Applying an Isosurface to the MRI Data

You can use isosurfaces to display the overall structure of a volume. When combined with isocaps, this technique can reveal information about data on the interior of the isosurface.

First, smooth the data with smooth3; then use isosurface to calculate the isodata. Use patch to display this data in a figure that uses the original gray scale color map for the isocaps.

figure
colormap(map)
Ds = smooth3(D);
hiso = patch(isosurface(Ds,5),...
   'FaceColor',[1,.75,.65],...
   'EdgeColor','none');
   isonormals(Ds,hiso)

The isonormals function to renders the isosurface using vertex normals obtained from the smoothed data, improving the quality of the isosurface. The isosurface uses a single color to represent its isovalue.

Adding Isocaps Show Cut-Away Surface

Use isocaps to calculate the data for another patch that is displayed at the same isovalue (5) as the isosurface. Use the unsmoothed data (D) to show details of the interior. You can see this as the sliced-away top of the head. The lower isocap is not visible in the final view.

hcap = patch(isocaps(D,5),...
   'FaceColor','interp',...
   'EdgeColor','none');

Defining the View

Define the view and set the aspect ratio (view, axis, daspect).

view(35,30) 
axis tight 
daspect([1,1,.4])

Add Lighting

Add lighting and recalculate the surface normals based on the gradient of the volume data, which produces smoother lighting (camlight, lighting, isonormals). Increase the AmbientStrength property of the isocap to brighten the coloring without affecting the isosurface. Set the SpecularColorReflectance of the isosurface to make the color of the specular reflected light closer to the color of the isosurface; then set the SpecularExponent to reduce the size of the specular spot.

lightangle(45,30);
lighting gouraud
hcap.AmbientStrength = 0.6;
hiso.SpecularColorReflectance = 0;
hiso.SpecularExponent = 50;

Here is a visualization of the MRI data that combines an isocap with an isosurface.
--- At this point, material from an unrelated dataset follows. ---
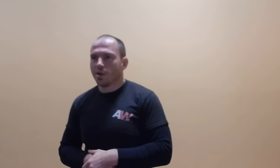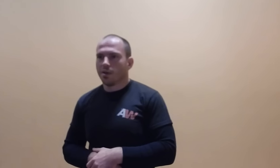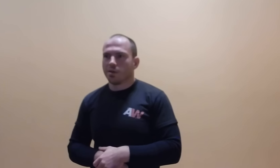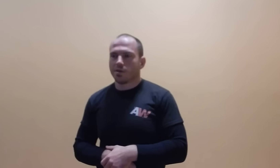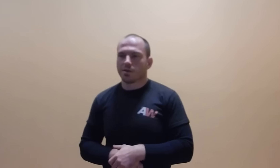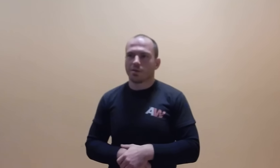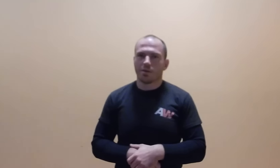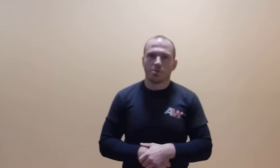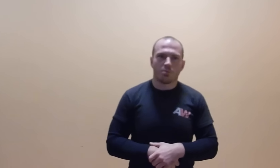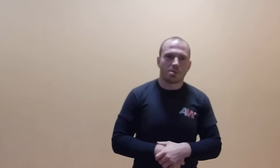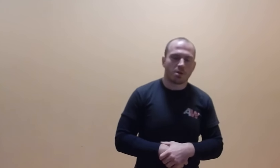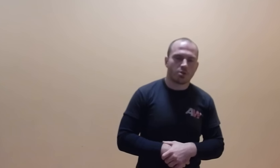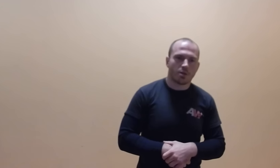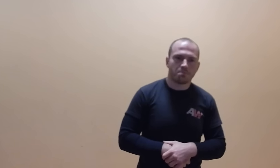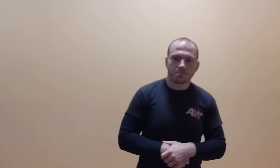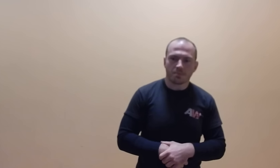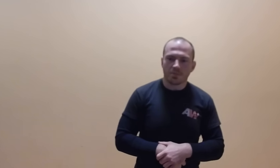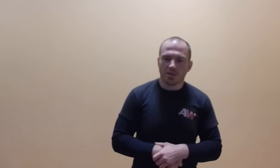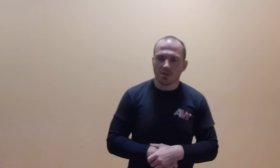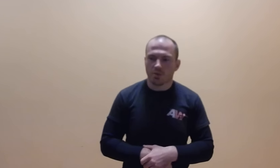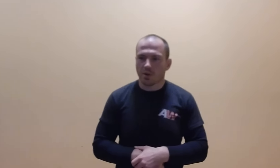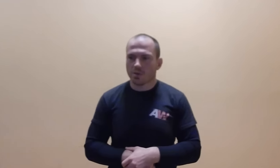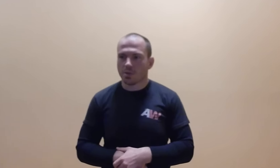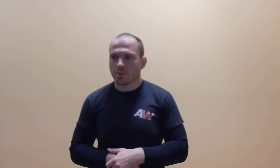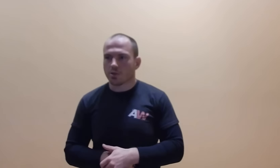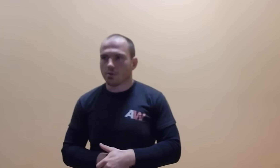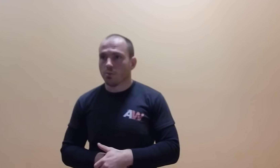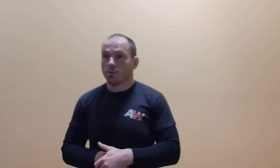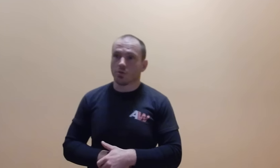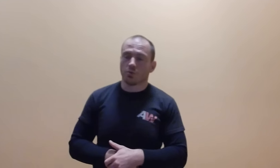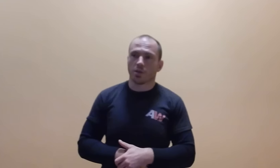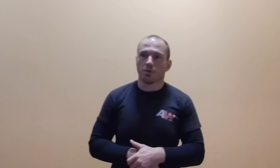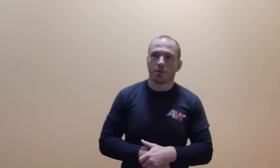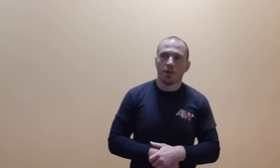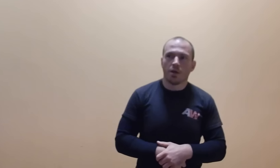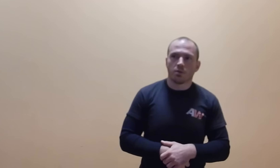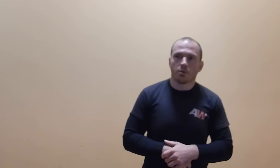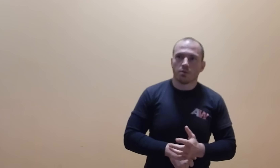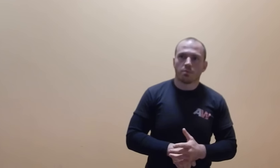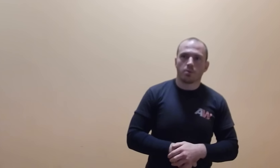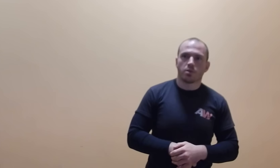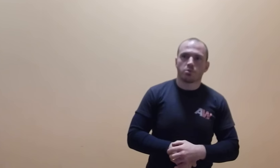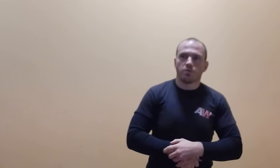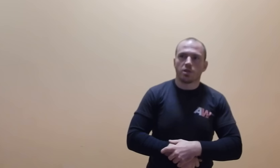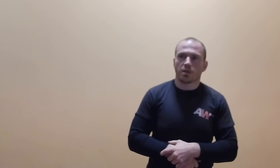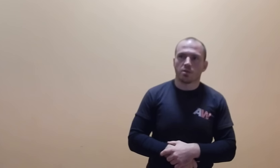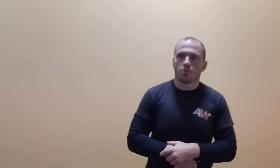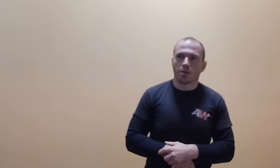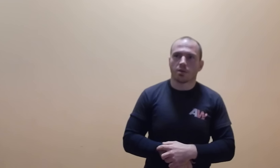bezpieczne, nie są to warunki bezpieczne klubowe czy turniejowe, tylko pewnie nieprzewidziana sytuacja,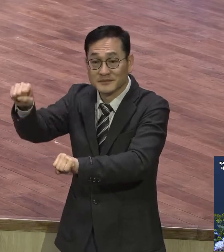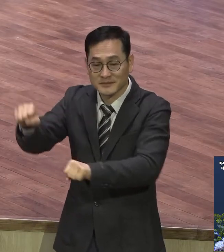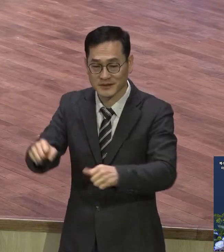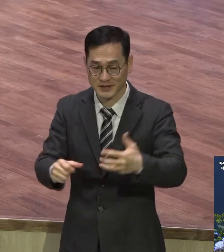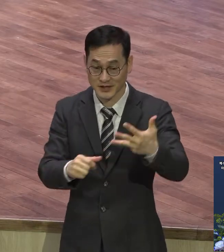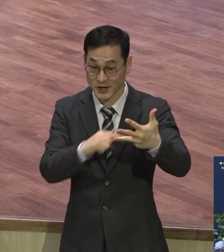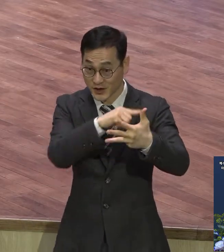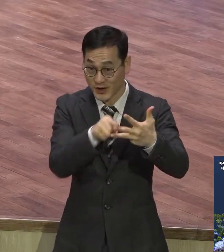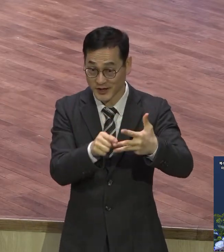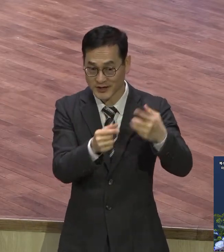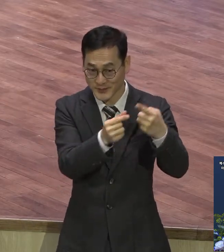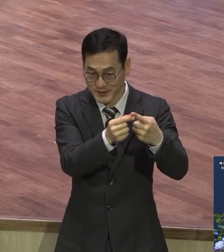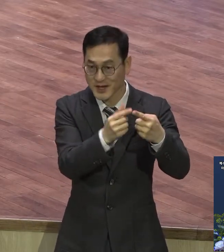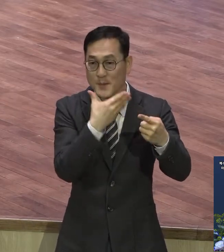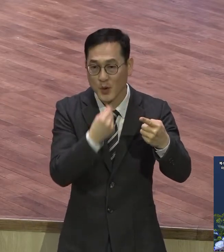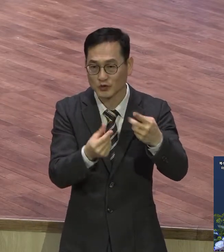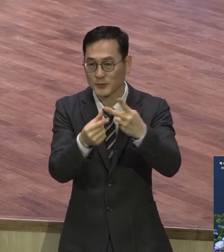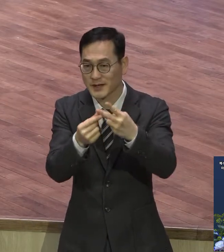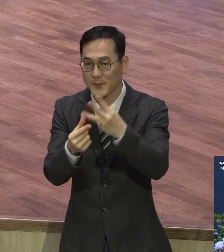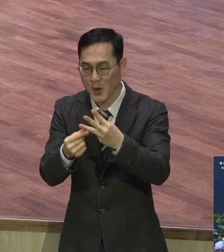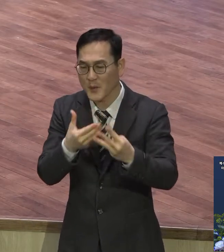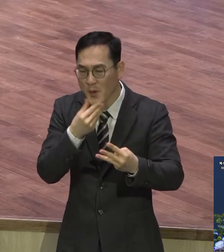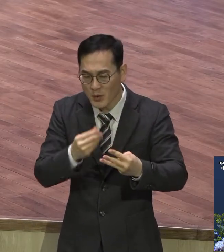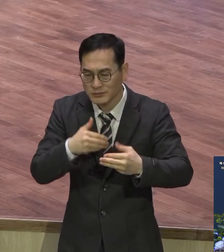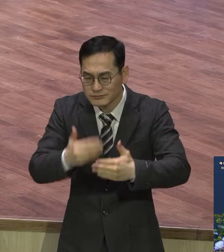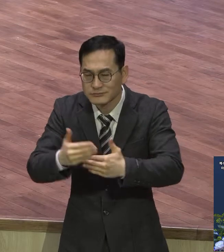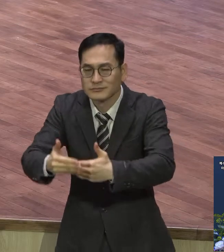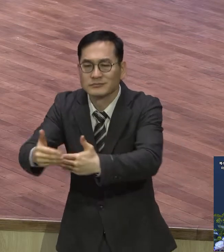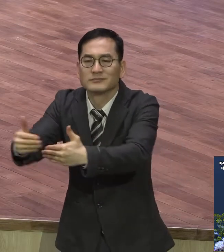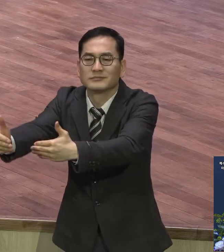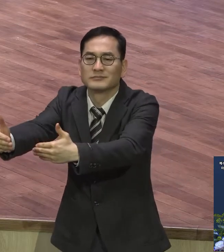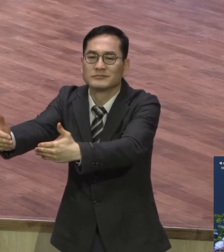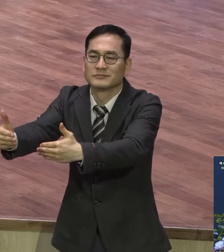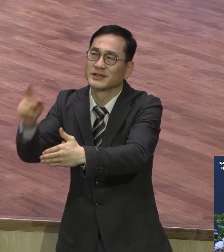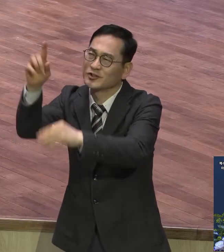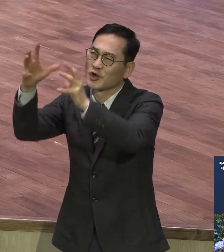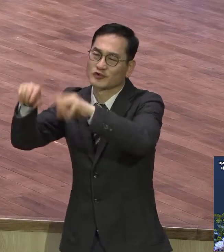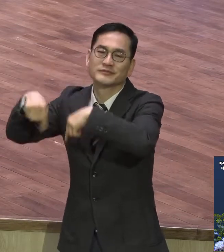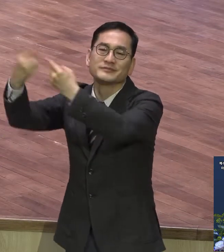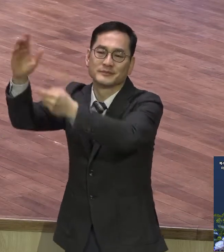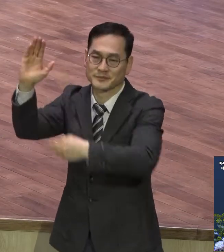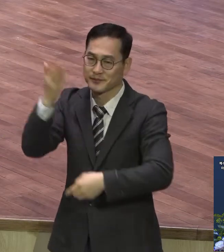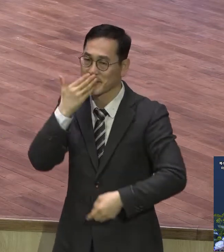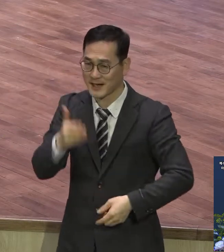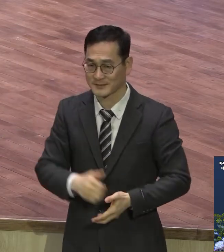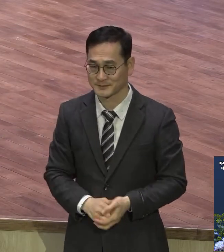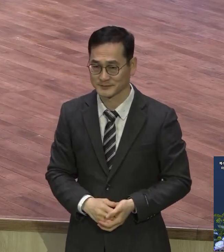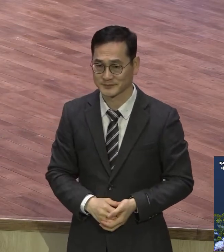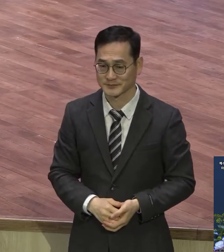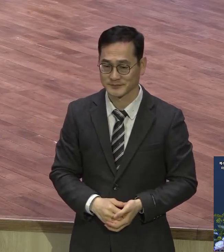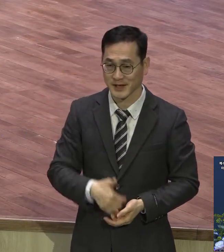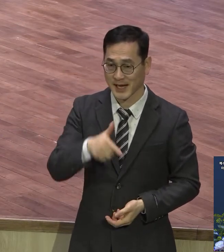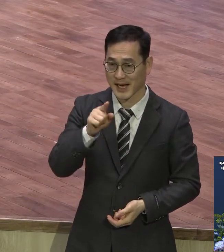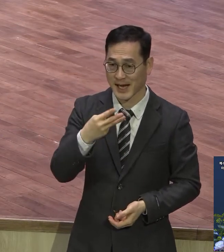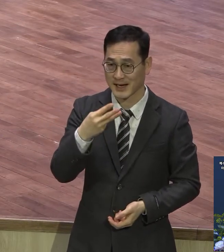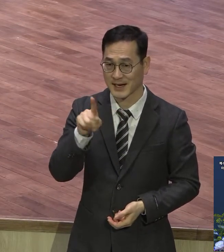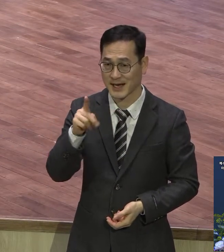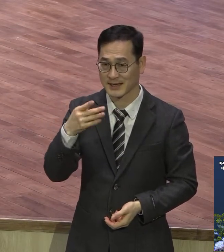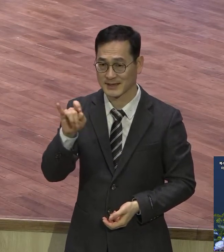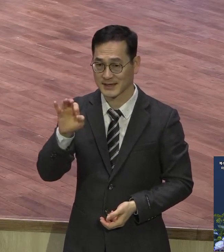그래서 이 사다리는 마치 갈라디아 5장에 나오는 성령의

Surface plot showing a reconstruction of a partial human head with a cross-sectional image near the top of the head

The isocaps use interpolated face coloring, which means the figure colormap determines the coloring of the patch. This example uses the colormap supplied with the data.

To display isocaps at other data values, try changing the isosurface value or use the subvolume command. See the isocaps and subvolume reference pages for examples.